──────── INFORMATION PROVIDED

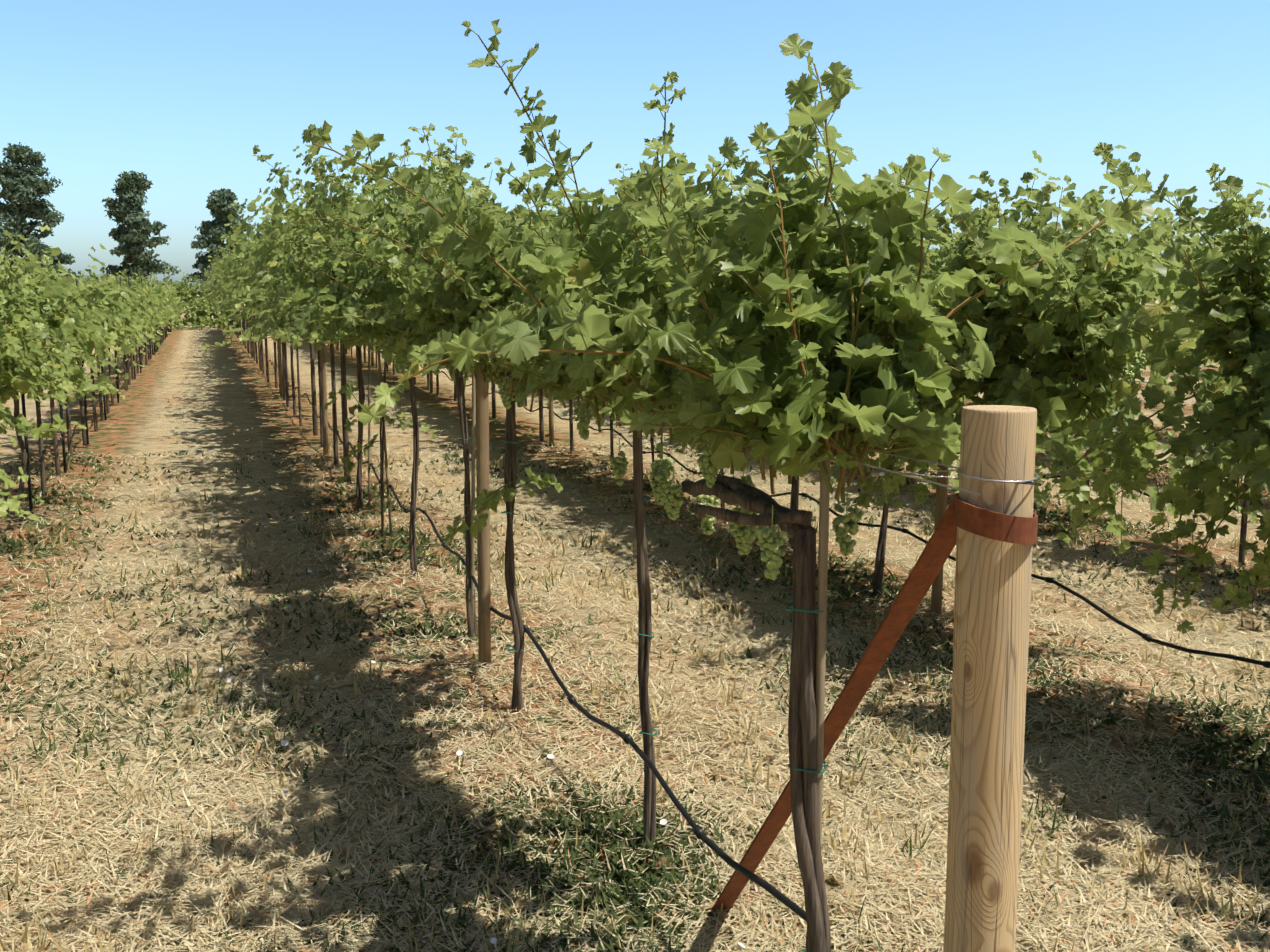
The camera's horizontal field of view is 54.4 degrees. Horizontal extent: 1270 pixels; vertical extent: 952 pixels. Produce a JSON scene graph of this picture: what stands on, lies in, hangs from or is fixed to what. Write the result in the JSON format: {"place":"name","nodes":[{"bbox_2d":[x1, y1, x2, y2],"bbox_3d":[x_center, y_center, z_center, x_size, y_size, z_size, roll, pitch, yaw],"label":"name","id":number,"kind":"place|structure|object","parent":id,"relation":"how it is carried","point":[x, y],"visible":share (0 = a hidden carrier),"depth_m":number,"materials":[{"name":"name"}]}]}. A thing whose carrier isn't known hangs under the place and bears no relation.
{"place":"outdoors","nodes":[
{"label":"outdoors","id":0,"kind":"place"},
{"bbox_2d":[0,290,1269,951],"bbox_3d":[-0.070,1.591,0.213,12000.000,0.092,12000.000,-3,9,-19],"label":"ground","id":1,"kind":"structure","parent":0,"point":[184,392],"depth_m":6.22,"materials":[{"name":"beige plant"}]},
{"bbox_2d":[5,164,69,275],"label":"tree trunk and limbs","id":2,"kind":"object","parent":1,"relation":"on","point":[27,233],"visible":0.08,"depth_m":88.72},
{"bbox_2d":[0,142,82,282],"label":"tree","id":3,"kind":"object","parent":1,"relation":"on","point":[33,187],"visible":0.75,"depth_m":88.04,"materials":[{"name":"green plant"}]},
{"bbox_2d":[0,320,171,554],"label":"grapevine trunks","id":4,"kind":"object","parent":1,"relation":"on","point":[40,447],"visible":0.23,"depth_m":11.87,"materials":[{"name":"brown wood"}]},
{"bbox_2d":[0,231,124,521],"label":"grapevine foliage","id":5,"kind":"object","parent":4,"relation":"attached to","point":[21,377],"visible":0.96,"depth_m":7.28,"materials":[{"name":"green plant"}]},
{"bbox_2d":[1,225,186,392],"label":"grapevine foliage","id":6,"kind":"object","parent":4,"relation":"attached to","point":[99,318],"visible":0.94,"depth_m":12.71,"materials":[{"name":"green plant"}]},
{"bbox_2d":[11,255,170,514],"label":"vine stakes","id":7,"kind":"object","parent":1,"relation":"in","point":[27,447],"visible":0.19,"depth_m":12.70,"materials":[{"name":"brown wood"}]},
{"bbox_2d":[16,326,166,494],"bbox_3d":[-9.795,-2.398,24.522,0.048,0.168,48.760,-3,9,-19],"label":"drip irrigation hose","id":8,"kind":"object","parent":7,"relation":"attached to","point":[41,459],"visible":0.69,"depth_m":10.89,"materials":[{"name":"black plastic"}]},
{"bbox_2d":[57,268,220,315],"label":"grapevine foliage","id":9,"kind":"object","parent":1,"relation":"on","point":[180,284],"depth_m":52.02,"materials":[{"name":"green plant"}]},
{"bbox_2d":[101,171,180,285],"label":"tree","id":10,"kind":"object","parent":1,"relation":"on","point":[132,187],"visible":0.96,"depth_m":88.58,"materials":[{"name":"green plant"}]},
{"bbox_2d":[121,213,164,271],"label":"tree trunk and limbs","id":11,"kind":"object","parent":1,"relation":"on","point":[131,256],"depth_m":89.55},
{"bbox_2d":[182,188,255,284],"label":"tree","id":12,"kind":"object","parent":1,"relation":"on","point":[220,207],"visible":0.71,"depth_m":95.87,"materials":[{"name":"green plant"}]},
{"bbox_2d":[167,294,294,328],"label":"grapevine foliage","id":13,"kind":"object","parent":1,"relation":"on","point":[197,320],"visible":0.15,"depth_m":49.87,"materials":[{"name":"green plant"}]},
{"bbox_2d":[233,311,490,667],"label":"wooden stakes","id":14,"kind":"object","parent":1,"relation":"in","point":[483,536],"visible":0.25,"depth_m":5.17,"materials":[{"name":"brown wood"}]},
{"bbox_2d":[200,452,762,947],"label":"bindweed flowers","id":15,"kind":"object","parent":1,"relation":"on","point":[458,752],"visible":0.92,"depth_m":4.15,"materials":[{"name":"white plant"}]},
{"bbox_2d":[235,324,806,921],"bbox_3d":[-7.648,-2.519,25.342,0.048,0.167,48.920,-3,9,-19],"label":"drip irrigation hose","id":16,"kind":"object","parent":1,"relation":"on","point":[749,874],"visible":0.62,"depth_m":3.48,"materials":[{"name":"black"}]},
{"bbox_2d":[232,309,830,951],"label":"grapevine trunks","id":17,"kind":"object","parent":1,"relation":"on","point":[800,717],"visible":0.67,"depth_m":3.40,"materials":[{"name":"brown wood"}]},
{"bbox_2d":[457,437,826,951],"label":"vine ties","id":18,"kind":"object","parent":17,"relation":"attached to","point":[793,609],"visible":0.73,"depth_m":3.39,"materials":[{"name":"plastic"}]},
{"bbox_2d":[694,504,812,525],"bbox_3d":[0.220,0.071,2.273,0.222,0.044,0.036,-1,9,-7],"label":"vine cordon","id":19,"kind":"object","parent":17,"relation":"attached to","point":[797,516],"visible":0.94,"depth_m":2.27,"materials":[{"name":"brown wood"}]},
{"bbox_2d":[368,345,829,842],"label":"bamboo stakes","id":20,"kind":"object","parent":1,"relation":"in","point":[822,597],"visible":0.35,"depth_m":2.33,"materials":[{"name":"brown wood"}]},
{"bbox_2d":[0,428,1244,943],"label":"fallen leaves","id":21,"kind":"object","parent":1,"relation":"on","point":[716,774],"visible":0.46,"depth_m":5.39,"materials":[{"name":"brown plant"}]},
{"bbox_2d":[0,451,1269,951],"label":"grass tufts","id":22,"kind":"object","parent":1,"relation":"on","point":[1142,859],"visible":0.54,"depth_m":4.41,"materials":[{"name":"plant"}]},
{"bbox_2d":[337,344,951,617],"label":"trellis stakes","id":23,"kind":"object","parent":1,"relation":"on","point":[937,583],"visible":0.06,"depth_m":6.07,"materials":[{"name":"brown wood"}]},
{"bbox_2d":[201,19,1151,543],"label":"vine shoots","id":24,"kind":"object","parent":1,"relation":"on","point":[833,443],"visible":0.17,"depth_m":2.31,"materials":[{"name":"green plant"}]},
{"bbox_2d":[201,145,393,326],"bbox_3d":[-9.139,-4.781,29.243,2.184,1.603,43.196,-3,9,-19],"label":"grapevine foliage","id":25,"kind":"object","parent":24,"relation":"attached to","point":[230,275],"visible":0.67,"depth_m":12.75,"materials":[{"name":"green plant"}]},
{"bbox_2d":[211,126,501,483],"bbox_3d":[-1.729,-1.077,7.851,1.848,2.240,4.093,-3,9,-19],"label":"grapevine foliage","id":26,"kind":"object","parent":24,"relation":"attached to","point":[355,282],"visible":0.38,"depth_m":7.25,"materials":[{"name":"green plant"}]},
{"bbox_2d":[378,331,1188,579],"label":"grape clusters","id":27,"kind":"object","parent":24,"relation":"hanging from","point":[743,535],"visible":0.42,"depth_m":2.81,"materials":[{"name":"green plant"}]},
{"bbox_2d":[661,422,799,508],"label":"bamboo stakes","id":28,"kind":"object","parent":1,"relation":"on","point":[798,477],"visible":0.06,"depth_m":7.58,"materials":[{"name":"beige wood"}]},
{"bbox_2d":[293,318,1225,597],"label":"grapevine trunks","id":29,"kind":"object","parent":1,"relation":"on","point":[879,570],"visible":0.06,"depth_m":7.59,"materials":[{"name":"brown wood"}]},
{"bbox_2d":[709,493,1037,914],"bbox_3d":[0.380,0.613,2.566,0.125,1.344,1.265,-3,9,-19],"label":"metal brace","id":30,"kind":"object","parent":1,"relation":"on","point":[935,554],"visible":0.79,"depth_m":2.25,"materials":[{"name":"brown metal"}]},
{"bbox_2d":[623,150,1269,625],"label":"vine shoots","id":31,"kind":"object","parent":1,"relation":"on","point":[1111,382],"visible":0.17,"depth_m":4.40,"materials":[{"name":"green plant"}]},
{"bbox_2d":[363,167,663,416],"bbox_3d":[-5.577,-3.928,26.064,2.050,2.345,50.934,-3,9,-19],"label":"vine row foliage","id":32,"kind":"object","parent":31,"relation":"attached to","point":[503,378],"depth_m":12.81,"materials":[{"name":"green plant"}]},
{"bbox_2d":[580,147,1181,555],"bbox_3d":[0.859,-1.073,7.646,1.554,2.134,6.448,-3,9,-19],"label":"grapevine foliage","id":33,"kind":"object","parent":31,"relation":"attached to","point":[1043,392],"visible":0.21,"depth_m":5.10,"materials":[{"name":"green plant"}]},
{"bbox_2d":[1033,142,1269,633],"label":"grapevine foliage","id":34,"kind":"object","parent":31,"relation":"attached to","point":[1216,492],"visible":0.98,"depth_m":4.13,"materials":[{"name":"green plant"}]},
{"bbox_2d":[943,405,1036,951],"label":"wooden post","id":35,"kind":"object","parent":1,"relation":"on","point":[992,598],"visible":0.94,"depth_m":1.95,"materials":[{"name":"beige wood"}]},
{"bbox_2d":[642,405,980,495],"bbox_3d":[-7.703,-3.516,25.250,0.003,0.003,50.164,-3,9,-19],"label":"trellis wire","id":36,"kind":"object","parent":35,"relation":"attached to","point":[959,489],"visible":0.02,"depth_m":1.97,"materials":[{"name":"silver metal"}]},
{"bbox_2d":[871,452,1041,485],"bbox_3d":[0.515,-0.001,2.082,0.123,0.063,0.500,-3,9,-19],"label":"trellis wire","id":37,"kind":"object","parent":35,"relation":"attached to","point":[883,472],"visible":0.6,"depth_m":2.05,"materials":[{"name":"silver metal"}]},
{"bbox_2d":[895,395,1248,566],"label":"grapevine trunks","id":38,"kind":"object","parent":1,"relation":"on","point":[1243,533],"depth_m":7.14,"materials":[{"name":"brown wood"}]},
{"bbox_2d":[815,145,1269,422],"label":"grapevine foliage","id":39,"kind":"object","parent":38,"relation":"attached to","point":[1162,285],"visible":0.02,"depth_m":7.83,"materials":[{"name":"green plant"}]},
{"bbox_3d":[-12.080,-2.527,23.896,0.139,1.152,49.260,-3,9,-19],"label":"vine row","id":40,"kind":"object","parent":1,"relation":"on","visible":0},
{"bbox_2d":[4,270,94,290],"bbox_3d":[-12.053,-3.369,23.804,1.285,1.353,50.422,-3,9,-19],"label":"grapevine foliage","id":41,"kind":"object","parent":40,"relation":"attached to","point":[49,281],"depth_m":31.81,"materials":[{"name":"green plant"}]},
{"bbox_3d":[-1.191,-3.175,27.581,0.133,1.332,49.206,-3,9,-19],"label":"vine row","id":42,"kind":"object","parent":1,"relation":"on","visible":0},
{"bbox_2d":[825,182,1269,392],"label":"grapevine foliage","id":43,"kind":"object","parent":42,"relation":"attached to","point":[1184,239],"depth_m":11.12,"materials":[{"name":"green plant"}]},
{"bbox_3d":[0.974,-3.286,28.313,0.153,1.331,49.176,-3,9,-19],"label":"vine row","id":44,"kind":"object","parent":1,"relation":"on","visible":0},
{"bbox_2d":[923,188,1266,365],"bbox_3d":[0.932,-4.406,28.354,2.009,2.035,50.464,-3,9,-19],"label":"grapevine foliage","id":45,"kind":"object","parent":44,"relation":"attached to","point":[1199,333],"depth_m":13.46,"materials":[{"name":"green plant"}]},
{"bbox_2d":[0,0,1269,289],"label":"sky","id":46,"kind":"structure","parent":0,"point":[180,94],"materials":[{"name":"blue"}]},
{"bbox_2d":[355,345,1269,667],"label":"drip irrigation hose","id":47,"kind":"object","parent":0,"point":[1139,633],"visible":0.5,"depth_m":5.17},
{"bbox_2d":[957,452,1260,517],"bbox_3d":[-3.269,-2.734,26.739,0.048,0.164,48.725,-3,9,-19],"label":"vine row drip hose","id":48,"kind":"object","parent":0,"point":[1234,508],"visible":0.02,"depth_m":8.00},
{"bbox_2d":[1028,370,1193,387],"bbox_3d":[-5.481,-3.558,25.866,0.003,0.003,50.072,-3,9,-19],"label":"vine row wire","id":49,"kind":"object","parent":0,"point":[1136,381],"depth_m":4.72,"materials":[{"name":"silver metal"}]},
{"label":"headland vine row trunks","id":50,"kind":"object","parent":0,"visible":0},
{"bbox_2d":[25,270,240,313],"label":"vine row foliage","id":51,"kind":"object","parent":50,"relation":"attached to","point":[187,298],"depth_m":50.82,"materials":[{"name":"green plant"}]}
]}

────────────────

= EXERCISE INSTRUCTIONS =
Filter the data for the string "bamboo". Copy each matching line.

= OUTPUT FOR THIS EXERCISE =
{"bbox_2d":[368,345,829,842],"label":"bamboo stakes","id":20,"kind":"object","parent":1,"relation":"in","point":[822,597],"visible":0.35,"depth_m":2.33,"materials":[{"name":"brown wood"}]},
{"bbox_2d":[661,422,799,508],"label":"bamboo stakes","id":28,"kind":"object","parent":1,"relation":"on","point":[798,477],"visible":0.06,"depth_m":7.58,"materials":[{"name":"beige wood"}]},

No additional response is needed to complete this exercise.